==== AVAILABLE RECORDS ====

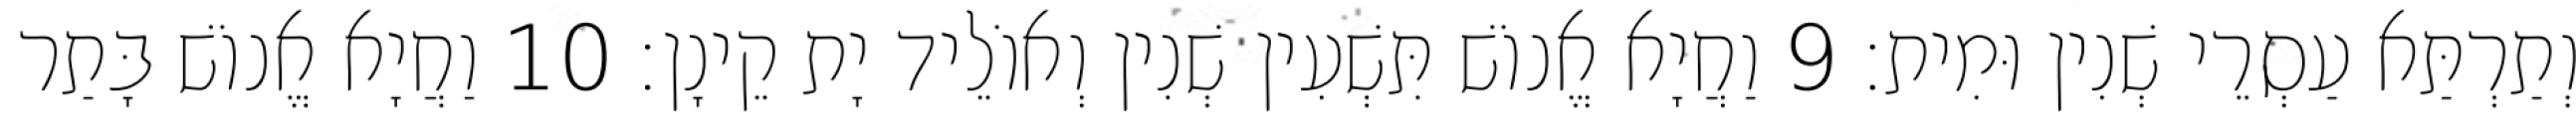
וְתַרְתַּא עַסְרֵי שְׁנִין וּמִית׃ 9 וַחֲיָא אֱנוֹשׁ תִּשְׁעִין שְׁנִין וְאוֹלֵיד יָת קֵינָן׃ 10 וַחֲיָא אֱנוֹשׁ בָּתַר
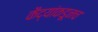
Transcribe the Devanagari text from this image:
कैद्यांकडूनच
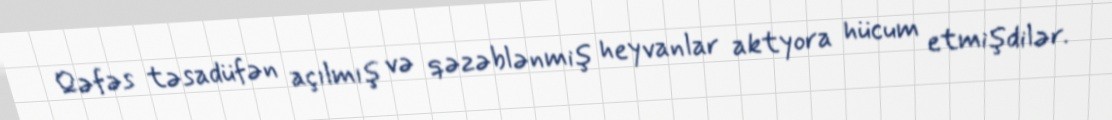
Qəfəs təsadüfən açılmış və qəzəblənmiş heyvanlar aktyora hücum etmişdilər.
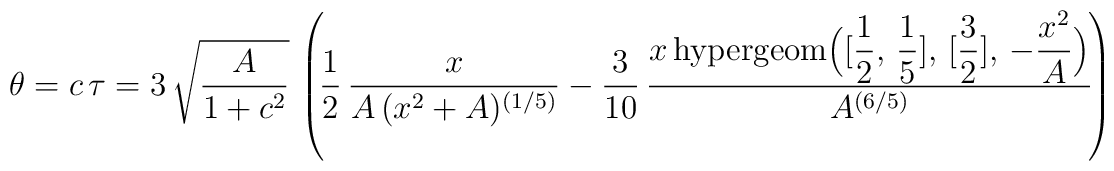
\theta = c\, \tau = 3\,\sqrt{{\displaystyle \frac {A}{1 + c^{2}}} }\,\left(  \!{\displaystyle \frac {1}{2}} \,{\displaystyle \frac {x}{A\,(x^{2} + A)^{(1/5)}}}  - {\displaystyle \frac {3}{10}} \,{\displaystyle \frac {x\,\mathrm{hypergeom}\Big([{\displaystyle \frac{1}{2}} , \,{\displaystyle \frac {1}{5}} ], \,[ {\displaystyle\frac {3}{2}} ], \, - {\displaystyle \frac {x^{2} }{A}}\Big)}{A^{(6/5)}}}  \!  \right)
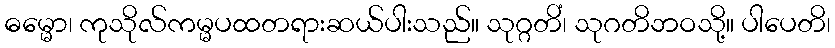
ဓမ္မော၊ ကုသိုလ်ကမ္မပထတရားဆယ်ပါးသည်။ သုဂ္ဂတိံ၊ သုဂတိဘဝသို့။ ပါပေတိ၊
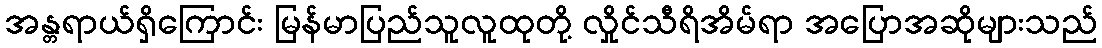
အန္တရာယ်ရှိကြောင်း မြန်မာပြည်သူလူထုတို့ လှိုင်သီရိအိမ်ရာ အပြောအဆိုများသည်
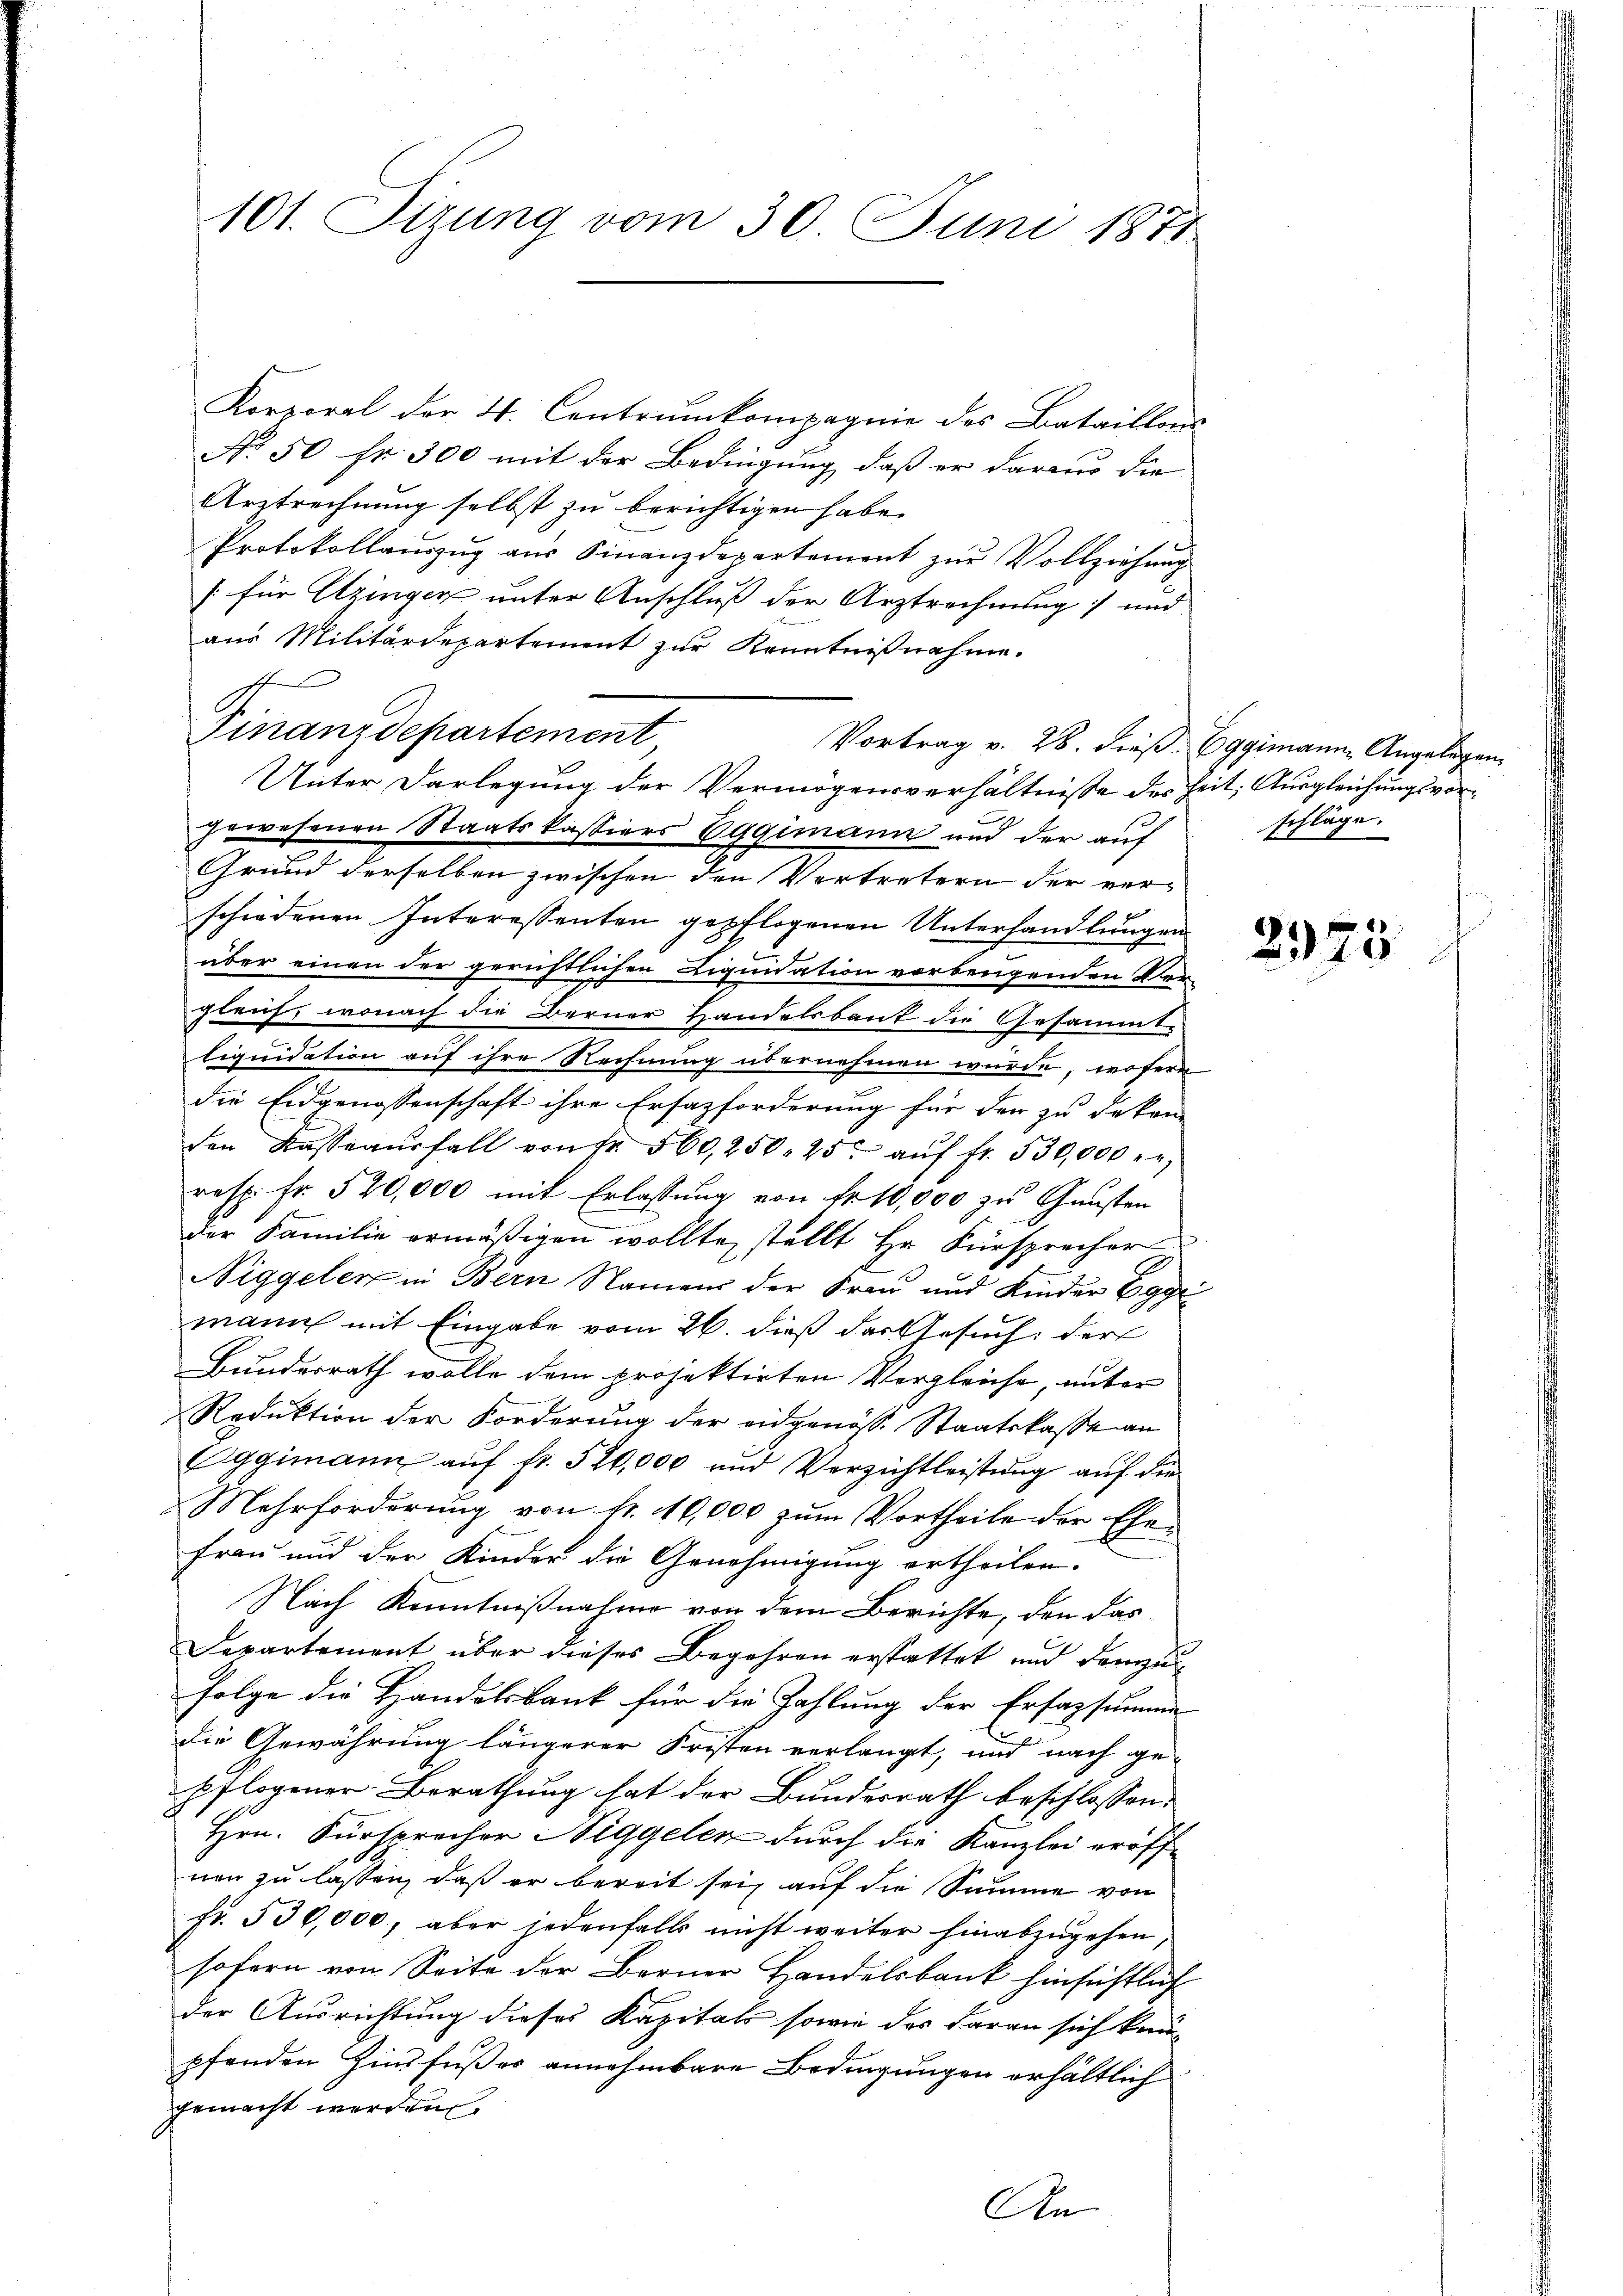
101. Sizung vom 30. Juni 1871

Korporal der 4. Centrumkompagnie des Bataillons
No 50 fr. 300 mit der Bedingung, daß er daraus die
Urztrechnung selbst zu berichtigen habe.
Protokollaŭszŭg aŭs Finanzdepartement zŭr Vollziehŭng
[für Utzingen unter Anschluß der Arztrechnung und
aus Militärdepartement zur Kenntnißnahme.
Finanzdepartement
Vortrag v. 28. dieß. Eggimann Angelegen
Unter Darlegung der Vermögensverhältnisse des Zeit, Ausgleichungsvor-
gewesenen Staatskassiers Eggimann und der auf
Grund derselben zwischen den Vertretern der verschiedenen Interessenten gepflogenen Unterhandlungen
über einen der gerichtlichen Liquidation vorbeugenden Vergleich, wonach die Berner Handelsbaut die Gesammt-
liquidation auf ihre Rechnung übernehmen wurde, wofern
die Eidgenossenschaft ihre Ersazforderung für den zu dekon-
den Kassaaŭsfall von Fr. 560,250. 25. aŭf fr. 530,000 -
resp. Fr. 520,000 mit Erlassung von fr. 10,000 zu Gunsten
der Familie ermäßigen wollte, stellt Hr. Fürsprecher
Niggeler in Bern Namens der Frau und Kinder Eggr
mann mit Eingabe vom 26. dieß der Gesuch der
Bundesrath wolle dem projektirten Vergleiche, unter
Reduktion der Forderung der eidgenöss. Staatskasse an
Eggimann auf fr. 520,000 und Verzichtleistung auf die
Mehrforderung von fr. 10,000 zum Vortheile der Ehe¬
Frau und der Kinder die Genehmigung ertheilen.
Nach Kenntnißnahme von dem Berichte, den das
Departement über dieses Begehren erstattet und dannzun
Folge die Handelsbank für die Zahlung der Erfassumme
die Gewährung längerer Fristen verlangt, und nach gepflogener Berathung hat der Bundesrath beschlossen:
Hrn. Fürsprocher Niggelen durch die Kanzlei eröffnen zu lassen, daß er bereit sei, auf die Summe von
fr. 530,000, aber jedenfalls nicht weiter hinabzŭgehen,
sofern von Seite der Berner Handelsbank hinsichtlich
der Ausrichtung dieses Kapitals sowie das daran sich kanpfenden Zinsfußes annehmbare Bedingungen erhältlich
gemacht werden.
An

schläge.

2975

====

Everything above from the line containing "Folge die Handelsbank" down to the line containing "sofern von Seite" is to be transcribed exactly, with both of those lines included and nothing else added.

Folge die Handelsbank für die Zahlung der Erfassumme
die Gewährung längerer Fristen verlangt, und nach gepflogener Berathung hat der Bundesrath beschlossen:
Hrn. Fürsprocher Niggelen durch die Kanzlei eröffnen zu lassen, daß er bereit sei, auf die Summe von
fr. 530,000, aber jedenfalls nicht weiter hinabzŭgehen,
sofern von Seite der Berner Handelsbank hinsichtlich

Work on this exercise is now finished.